А вот и Московский проспект, - широкая каменная просека в обрамлении монументальных зданий, шумный, запруженный плотным автомобильным потоком.
Трудно представить, что когда-то на этом месте был старый Московский тракт среди глухих, непроходимых лесов, по которому редко кто проезжал.
Дарьюшка сидела одна в дремучих зарослях, в недостроенной деревянной часовне, зачастую слушая страшные вопли разбойников и их жертв, и чтоб остановить злодеев, кричала им с колокольни: "Ой вы разбойнички, перестаньте вы разбойничать, не губите вы свои душеньки!" А разбойники-убивцы грозно отвечали ей из чащи: "Сиди бабка вместе со своей царицей небесной, и молчи, пока жива!"
Сели в машину.
- Холодно. - сказал Чулаки. Я тут же включила зажигание и печку. Уже смеркалось, день завершался и накрывал город розовым абажуром из подсвеченных закатным солнцем облаков. Вздохнув, вырулила на середину дороги, - и мой Гольф резво помчался по Московскому проспекту, чтоб у Московских ворот повернуть на Лиговку, потом на Волковку, на широкую Софийскую, по Цимбалинскому мосту на Бабушкина, и через Рыбацкое, - в Металлострой....
Глава 11
Лето 2001
Михаил Михайлович попросил, чтоб я подъехала к его парадной. Обычно мы конспирировались, но на этот раз дело было неотложным и связанным с перевозкой груза. Сажусь в сверкающий, глянцево-малиновый Гольф и включаю зажигание. Неожиданно машина начинает рычать и дыбиться, не желая трогаться с места. В панике бегу домой, звоню Чулаки и сообщаю о своих проблемах.
- Проверь ручник, - тут же невозмутимо советует писатель.
"Ручник! При чем здесь ручник, я им никогда не пользуюсь!" - бурчу я про себя и снова несусь к машине.
Мой Гольф по-прежнему упрямится и стоит, как приклеенный. Спохватившись, вспоминаю, что накануне занималась уборкой салона и действительно, пришлось поднять ручник.
Миновав липовую аллею, красу и гордость Металлостроя, огибаю круглую площадь, проезжаю в конец тихой, в несколько домов, улочки Горького, и смело поворачиваю в знакомый двор. Неотложное дело оказалось простым: отвезти накопившиеся документы в литературный архив, на Шпалерную улицу. Погрузили коробку с книгами, журналами, письмами, фотографиями и прочими документами в багажник, попрощались с Ниной и поехали. На всем протяжении Шпалерной висели знаки "стоянка, остановка запрещена" и почти на каждом перекрестке стояли гаишники, так что к архиву пришлось въезжать со стороны набережной. Припарковались в одном из тесных дворов, и пошли пешком.
Когда я находилась рядом с моим кумиром, - все мое внимание было сосредоточено на нем одном, остальное казалось пустым и незначительным.

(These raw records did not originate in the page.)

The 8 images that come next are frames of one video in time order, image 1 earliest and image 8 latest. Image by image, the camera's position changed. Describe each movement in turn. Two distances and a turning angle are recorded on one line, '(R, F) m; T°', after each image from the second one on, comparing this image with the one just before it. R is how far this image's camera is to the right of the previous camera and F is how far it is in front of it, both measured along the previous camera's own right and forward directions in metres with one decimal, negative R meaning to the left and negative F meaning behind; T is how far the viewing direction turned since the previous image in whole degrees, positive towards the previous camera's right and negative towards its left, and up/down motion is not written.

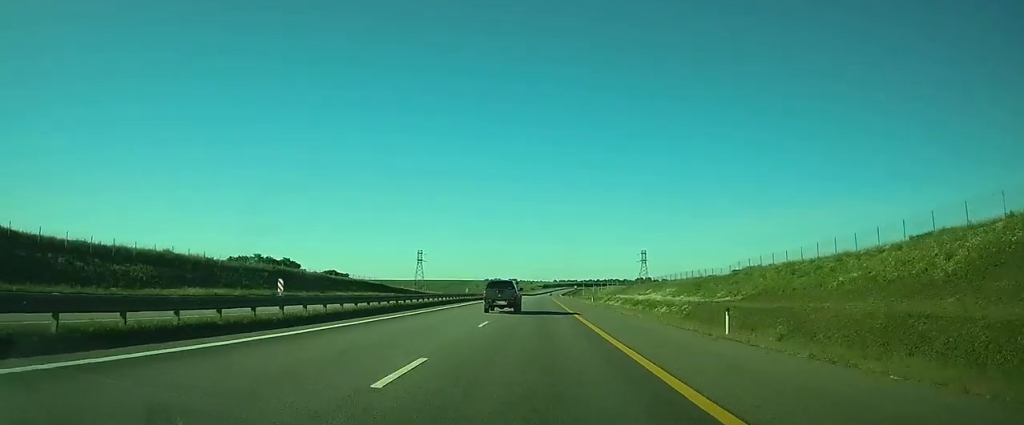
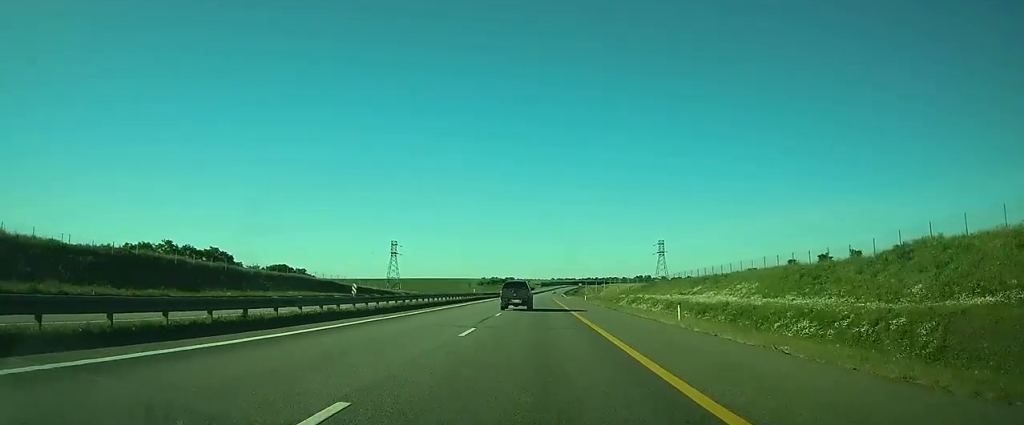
(0.0, +40.5) m; 0°
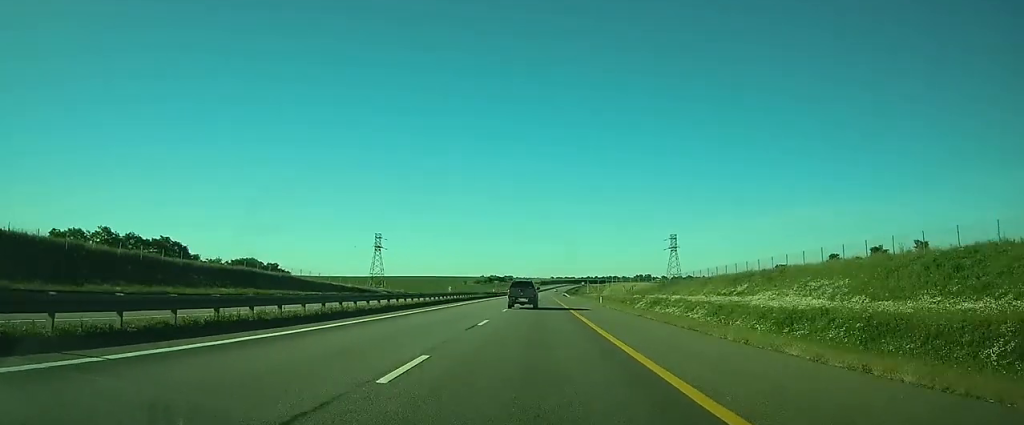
(0.0, +19.9) m; 0°
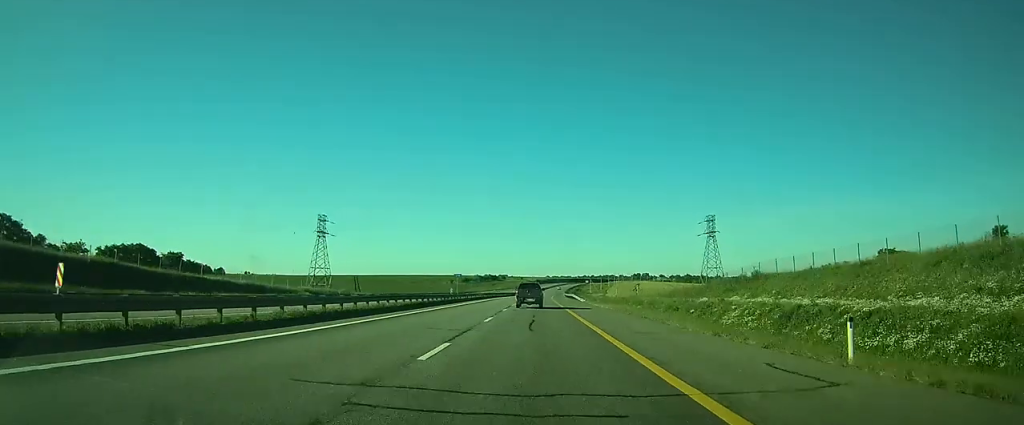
(+0.2, +45.8) m; +1°
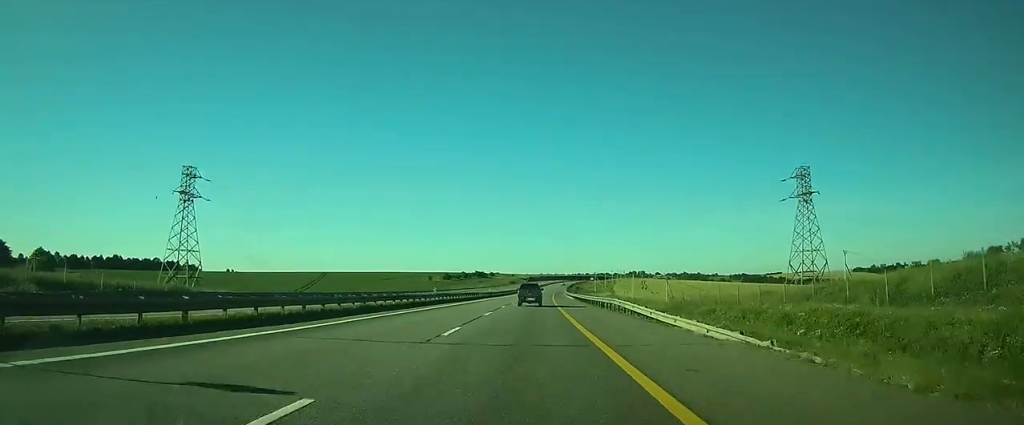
(+0.5, +55.1) m; +1°
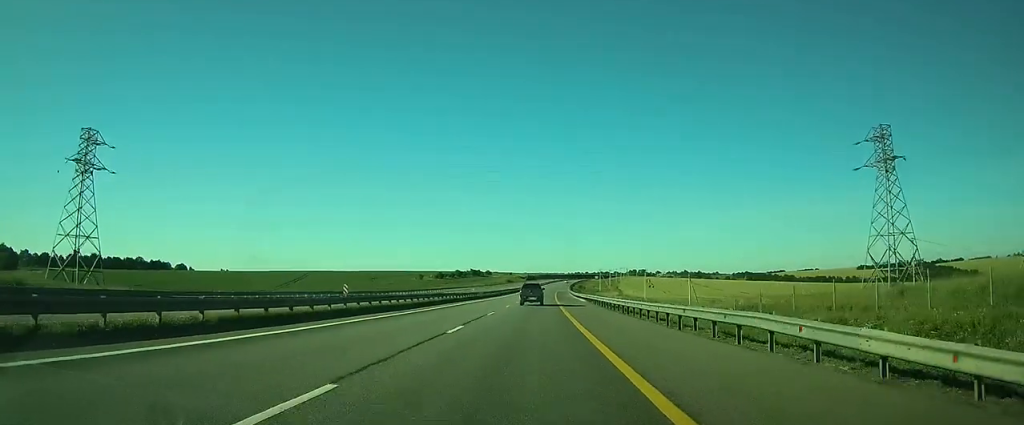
(0.0, +23.2) m; 0°
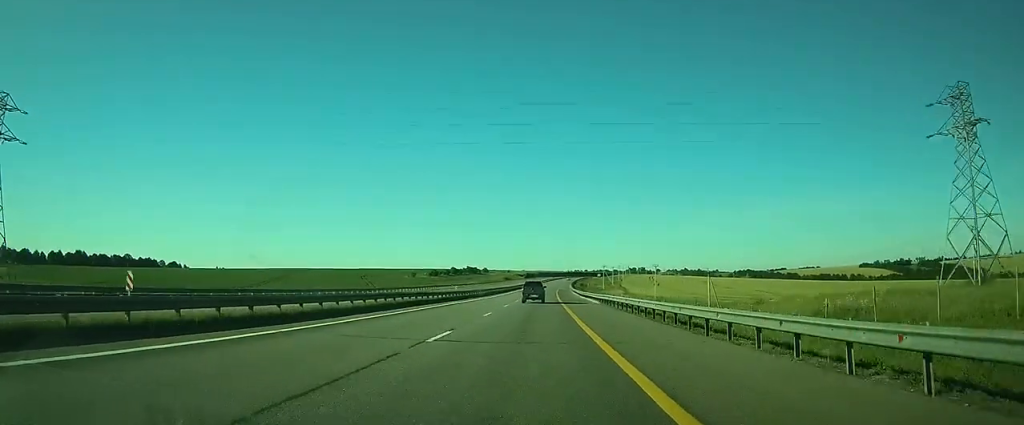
(0.0, +15.2) m; 0°
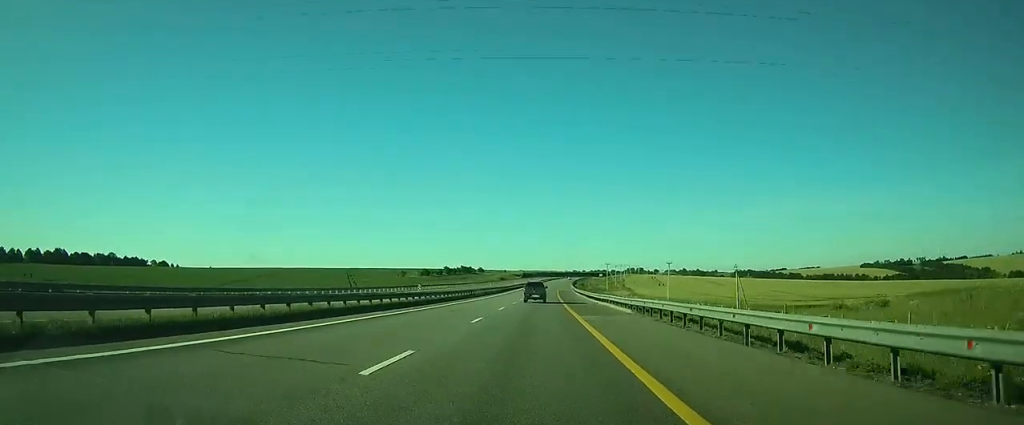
(0.0, +17.2) m; 0°

Я ехала, не запоминая дороги, входила в здания, не обращая внимание на адрес, если кто-то из знакомых представлялся Чулаки, называя свое имя - я не слышала или не обращала внимания, настолько это было для меня неважно. И записи не вела. Зачем? "Все нужное обязательно запомнится и останется со мной, а если забудется -- значит оно не стоит памяти. Литературный архив с документами моего любимого писателя? Да-да, возможно, когда-нибудь, потом, мне придется здесь появиться, чтоб порыться в заветной коробке, но наверняка мы с Михаилом Михайловичем приедем сюда не раз и привезем не одну такую коробку" - примерно так легкомысленно я рассуждала в то время.
На первом этаже старинного, приземистого здания -- плохо освещенная проходная. Дежурная куда-то звонит, и только после этого мы поднимаемся на второй этаж. Сидим в небольшом, с низким потолком и уставленном шкафами, кабинете заведующей. По всему видно, что Михаил Михайлович и заведующая не приходятся друг другу людьми посторонними, они беседуют на общие темы, вспоминают знакомых. Михаил Михайлович, представляет меня: "Вот это Анечка, ее всегда можно допускать к моим бумагам". Покидая этот душный и тесный кабинет, вздыхаем с облегчением.
На улице в знак благодарности за доверие я сжимаю его пальцы и робко задаю вопрос, который от начала нашей поездки вертелся в моей голове, но спросить вслух я не смела, страшась получить ответ высокомерный и пренебрежительный.
- Помню, я с юга вам писала несколько писем с признанием в любви. Наверное..... эти письма давно... выброшены?
- Я ничего не выбрасываю, - гордо сообщает Чулаки, - даже поздравительные открытки.